When filtering code datasets, consider these best practices:

  1. Language-specific configurations: Adjust thresholds based on the programming language

    1from nemo_curator.stages.text.modules import ScoreFilter
    2from nemo_curator.stages.text.filters import PythonCommentToCodeFilter, GeneralCommentToCodeFilter
    3
    4# Python tends to have more comments than C
    5python_comment_filter = ScoreFilter(
    6 filter_obj=PythonCommentToCodeFilter(min_comment_to_code_ratio=0.05),
    7 text_field="content"
    8)
    9c_comment_filter = ScoreFilter(
    10 filter_obj=GeneralCommentToCodeFilter(language="text/x-c", min_comment_to_code_ratio=0.02),
    11 text_field="content"
    12)
  2. Preserve code structure: Ensure filters don’t inadvertently remove valid coding patterns

    1from nemo_curator.stages.text.modules import ScoreFilter
    2from nemo_curator.stages.text.filters import GeneralCommentToCodeFilter
    3
    4# Some languages naturally have low comment ratios
    5assembly_filter = ScoreFilter(
    6 filter_obj=GeneralCommentToCodeFilter(
    7 language="text/x-asm",
    8 min_comment_to_code_ratio=0.001 # Very low minimum for assembly
    9 ),
    10 text_field="content"
    11)
  3. Combine with language detection: Verify file extensions match content

    1# First check if the content is actually Python using FastText language ID
    2from nemo_curator.stages.text.filters import FastTextLangId
    3from nemo_curator.pipeline import Pipeline
    4from nemo_curator.stages.text.modules import ScoreFilter
    5
    6# Create pipeline for Python code filtering with language detection
    7pipeline = Pipeline(name="python_code_filtering")
    8
    9# Add language detection stage
    10pipeline.add_stage(ScoreFilter(
    11 filter_obj=FastTextLangId(
    12 model_path="/path/to/lid.176.bin", # Download from fasttext.cc
    13 min_langid_score=0.8
    14 ),
    15 text_field="content",
    16 score_field="language"
    17))
    18
    19# Then apply Python-specific filters
    20pipeline.add_stage(ScoreFilter(
    21 filter_obj=PythonCommentToCodeFilter(),
    22 text_field="content"
    23))

    The FastTextLangId filter requires downloading the FastText language identification model from fasttext.cc.

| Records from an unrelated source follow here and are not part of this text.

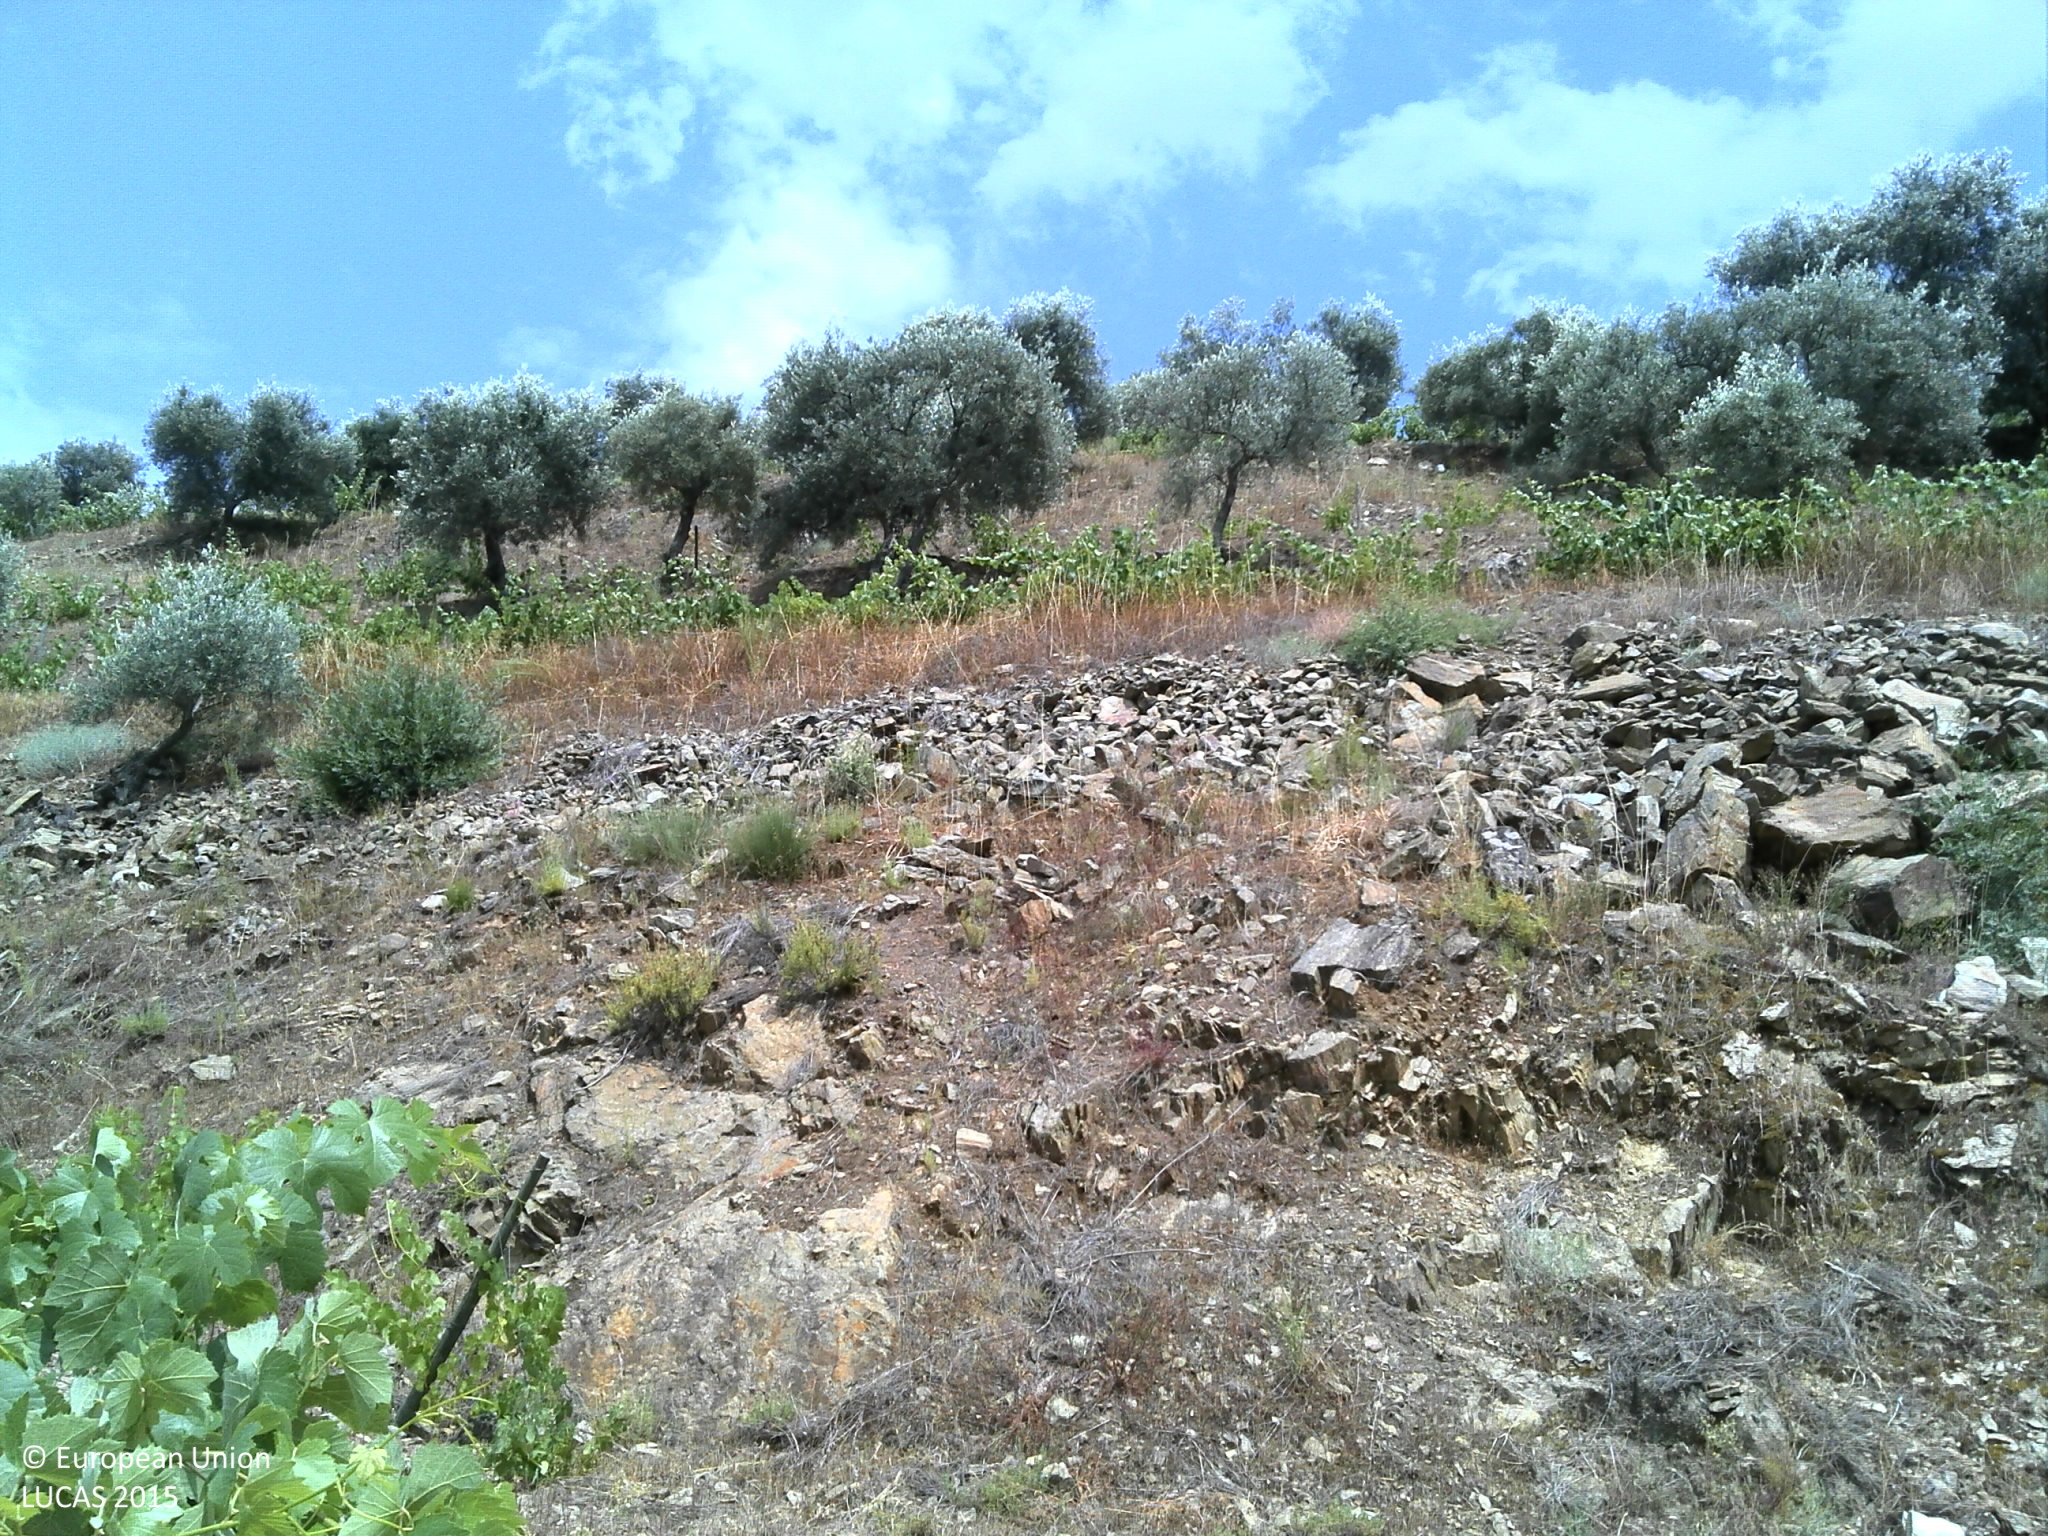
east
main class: Cropland
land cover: Olive groves
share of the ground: < 10 %
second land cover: Shrubland without tree cover
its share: 50 - 75 %
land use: Abandoned areas
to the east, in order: Olive groves; Shrubland without tree cover; Vineyards; Electric lines; Vineyards; Tracks; Vineyards; Olive groves; Vineyards; Olive groves; Vineyards; Olive groves; Vineyards; Olive groves; Vineyards; Olive groves; Vineyards; Olive groves; Vineyards; Olive groves; Vineyards; Tracks; Abandoned hedges; Olive groves; Vineyards
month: June
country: PT
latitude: 41.1386
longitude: -7.4789

  4. Avoid over-filtering: Track rejection rates and adjust thresholds as needed

    1# Track filter statistics by running individual filters and measuring results
    2from nemo_curator.stages.text.io.reader import JsonlReader
    3
    4# Load dataset for testing
    5reader = JsonlReader(file_paths="test_data/*.jsonl")
    6
    7# Test individual filters to measure rejection rates
    8filters_to_test = {
    9 "python_comment": PythonCommentToCodeFilter(),
    10 "line_count": NumberOfLinesOfCodeFilter(min_lines=5, max_lines=1000),
    11 "alpha_content": AlphaFilter(min_alpha_ratio=0.3)
    12}
    13
    14# Note: Actual statistics collection would require running the pipeline
    15# and analyzing the results to determine optimal thresholds

Use Cases

1from nemo_curator.pipeline import Pipeline
2from nemo_curator.stages.text.modules import ScoreFilter
3from nemo_curator.stages.text.filters import NumberOfLinesOfCodeFilter, XMLHeaderFilter, GeneralCommentToCodeFilter
4
5# Create pipeline to filter non-functional code snippets
6pipeline = Pipeline(name="code_cleaning")
7
8# Remove extremely short files
9pipeline.add_stage(ScoreFilter(
10 filter_obj=NumberOfLinesOfCodeFilter(min_lines=3),
11 text_field="content"
12))
13
14# Remove files with XML preamble (misidentified as code)
15pipeline.add_stage(ScoreFilter(
16 filter_obj=XMLHeaderFilter(),
17 text_field="content"
18))
19
20# Ensure reasonable comment-to-code ratio
21pipeline.add_stage(ScoreFilter(
22 filter_obj=GeneralCommentToCodeFilter(language="text/x-c++"),
23 text_field="content"
24))

By applying these specialized code filters, you can improve the quality of code in your training datasets, leading to better model performance for code-related tasks.